TASK: Everything in the data below is to be reproduced without any deviation.

Start of DATA EXTRACT

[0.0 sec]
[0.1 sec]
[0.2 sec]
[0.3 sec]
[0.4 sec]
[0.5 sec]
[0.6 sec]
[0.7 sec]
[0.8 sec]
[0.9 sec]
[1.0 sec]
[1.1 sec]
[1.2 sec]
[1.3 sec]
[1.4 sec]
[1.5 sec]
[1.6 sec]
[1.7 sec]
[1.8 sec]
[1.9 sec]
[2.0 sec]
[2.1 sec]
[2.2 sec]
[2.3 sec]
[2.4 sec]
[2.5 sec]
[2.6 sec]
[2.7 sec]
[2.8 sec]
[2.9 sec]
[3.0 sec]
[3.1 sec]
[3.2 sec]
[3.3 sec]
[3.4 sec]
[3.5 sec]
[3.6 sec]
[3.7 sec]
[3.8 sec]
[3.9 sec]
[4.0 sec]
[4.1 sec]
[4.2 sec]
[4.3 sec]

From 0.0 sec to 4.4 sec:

End of DATA EXTRACT

YOUR SOLUTION:
[0.0 sec]
[0.1 sec]
[0.2 sec]
[0.3 sec]
[0.4 sec]
[0.5 sec]
[0.6 sec]
[0.7 sec]
[0.8 sec]
[0.9 sec]
[1.0 sec]
[1.1 sec]
[1.2 sec]
[1.3 sec]
[1.4 sec]
[1.5 sec]
[1.6 sec]
[1.7 sec]
[1.8 sec]
[1.9 sec]
[2.0 sec]
[2.1 sec]
[2.2 sec]
[2.3 sec]
[2.4 sec]
[2.5 sec]
[2.6 sec]
[2.7 sec]
[2.8 sec]
[2.9 sec]
[3.0 sec]
[3.1 sec]
[3.2 sec]
[3.3 sec]
[3.4 sec]
[3.5 sec]
[3.6 sec]
[3.7 sec]
[3.8 sec]
[3.9 sec]
[4.0 sec]
[4.1 sec]
[4.2 sec]
[4.3 sec]

From 0.0 sec to 4.4 sec:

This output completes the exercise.